Deductive reasoning concerns what follows necessarily from given premises (i.e. from a general premise to a particular one). An inference is deductively valid if (and only if) there is no possible situation in which all the premises are true and the conclusion false. However, it should be remembered that a false premise can possibly lead to a false conclusion.

Deductive reasoning was developed by Aristotle, Thales, Pythagoras and other Greek philosophers of the Classical Period. At the core of deductive reasoning is the syllogism (also known as term logic),usually attributed to Aristotle), where one proposition (the conclusion) is inferred from two others (the premises), each of which has one term in common with the conclusion. For example:
Major premise: All humans are mortal.
Minor premise: Socrates is human.
Conclusion: Socrates is mortal.
An example of deduction is:
All apples are fruit.
All fruits grow on trees.
Therefore all apples grow on trees.

One might deny the initial premises, and therefore deny the conclusion. But anyone who accepts the premises must accept the conclusion. Today, some academics claim that Aristotle’s system has little more than historical value, being made obsolete by the advent of Predicate Logic and Propositional Logic.

Inductive Logic

Inductive reasoning is the process of deriving a reliable generalization from observations (i.e. from the particular to the general), so that the premises of an argument are believed to support the conclusion, but do not necessarily ensure it. Inductive logic is not concerned with validity or conclusiveness, but with the soundness of those inferences for which the evidence is not conclusive.
Many philosophers, including David Hume, Karl Popper and David Miller, have disputed or denied the logical admissibility of inductive reasoning. In particular, Hume argued that it requires inductive reasoning to arrive at the premises for the principle of inductive reasoning, and therefore the justification for inductive reasoning is a circular argument.
An example of strong induction (an argument in which the truth of the premise would make the truth of the conclusion probable but not definite) is:

All observed crows are black.

All crows are black.
An example of weak induction (an argument in which the link between the premise and the conclusion is weak, and the conclusion is not even necessarily probable) is:

I always hang pictures on nails.

All pictures hang from nails.

Modal Logic

Modal Logic is any system of formal logic that attempts to deal with modalities (expressions associated with notions of possibility, probability and necessity). Modal Logic, therefore, deals with terms such as “eventually”, “formerly”, “possibly”, “can”, “could”, “might”, “may”, “must”, etc.
Modalities are ways in which propositions can be true or false. Types of modality include:

  • Alethic Modalities: Includes possibility and necessity, as well as impossibility and contingency. Some propositions are impossible (necessarily false), whereas others are contingent (both possibly true and possibly false).

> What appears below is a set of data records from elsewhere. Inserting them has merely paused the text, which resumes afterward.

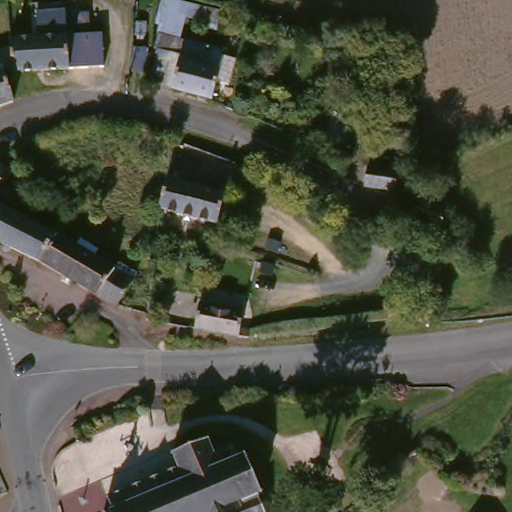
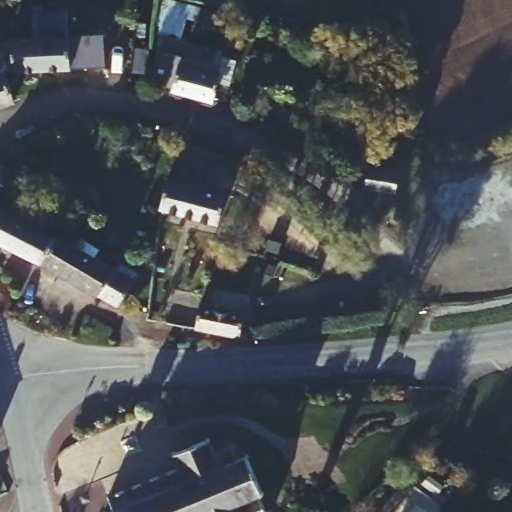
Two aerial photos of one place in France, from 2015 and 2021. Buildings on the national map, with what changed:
unchanged [(228,101),(139,91),(150,0),(176,0),(214,9),(211,27),(184,23),(183,43),(233,55),(228,101)]
unchanged [(67,36),(101,37),(104,71),(14,73),(11,33),(33,34),(33,12),(64,12),(67,36)]
unchanged [(0,77),(0,51),(8,48),(13,75),(0,77)]
unchanged [(0,90),(3,104),(0,105),(0,90)]
unchanged [(393,194),(360,192),(362,165),(394,171),(393,194)]
unchanged [(221,192),(215,228),(155,216),(161,179),(221,192)]
unchanged [(59,242),(133,285),(115,313),(0,249),(0,184),(66,227),(59,242)]
unchanged [(203,303),(239,312),(237,324),(246,327),(244,332),(243,341),(191,331),(196,302),(203,303)]
unchanged [(223,452),(227,467),(251,461),(262,500),(259,501),(262,512),(99,512),(99,510),(109,506),(106,495),(179,469),(176,454),(209,443),(212,454),(223,452)]

  • Temporal Modalities: Historical and future truth or falsity. Some propositions were true/false in the past and others will be true/false in the future.

  • Deontic Modalities: Obligation and permissibility. Some propositions ought to be true/false, while others are permissible.

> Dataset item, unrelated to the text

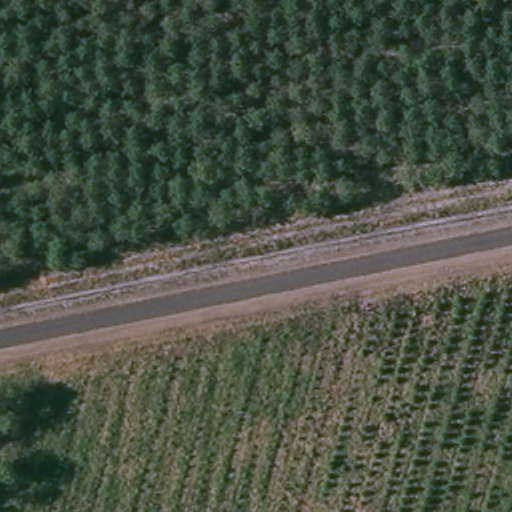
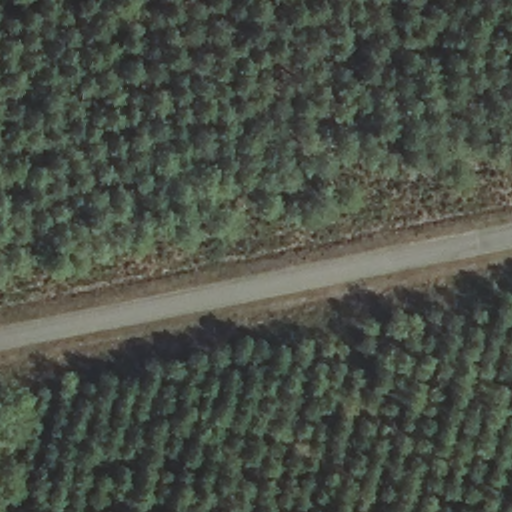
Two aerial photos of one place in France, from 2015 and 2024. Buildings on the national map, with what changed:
[]

  • Epistemic Modalities: Knowledge and belief. Some propositions are known to be true/false, and others are believed to be true/false.

Although Aristotle‘s logic is almost entirely concerned with categorical syllogisms, he did anticipate modal logic to some extent, and its connection with potentiality and time. Modern modal logic was founded by Gottlob Frege, although he initially doubted its viability, and it was only later developed by Rudolph Carnap (1891 – 1970), Kurt Gödel (1906 – 1978), C.I. Lewis (1883 – 1964) and then Saul Kripke (1940 – ) who established System K, the form of Modal Logic that most scholars use today).

Propositional Logic

Propositional Logic (or Sentential Logic) is concerned only with sentential connectives and logical operators (such as “and”, “or”, “not”, “if … then …”, “because” and “necessarily”), as opposed to Predicate Logic, which also concerns itself with the internal structure of atomic propositions.

Propositional Logic, then, studies ways of joining and/or modifying entire propositions, statements or sentences to form more complex propositions, statements or sentences, as well as the logical relationships and properties that are derived from these methods of combining or altering statements. In propositional logic, the simplest statements are considered as indivisible units.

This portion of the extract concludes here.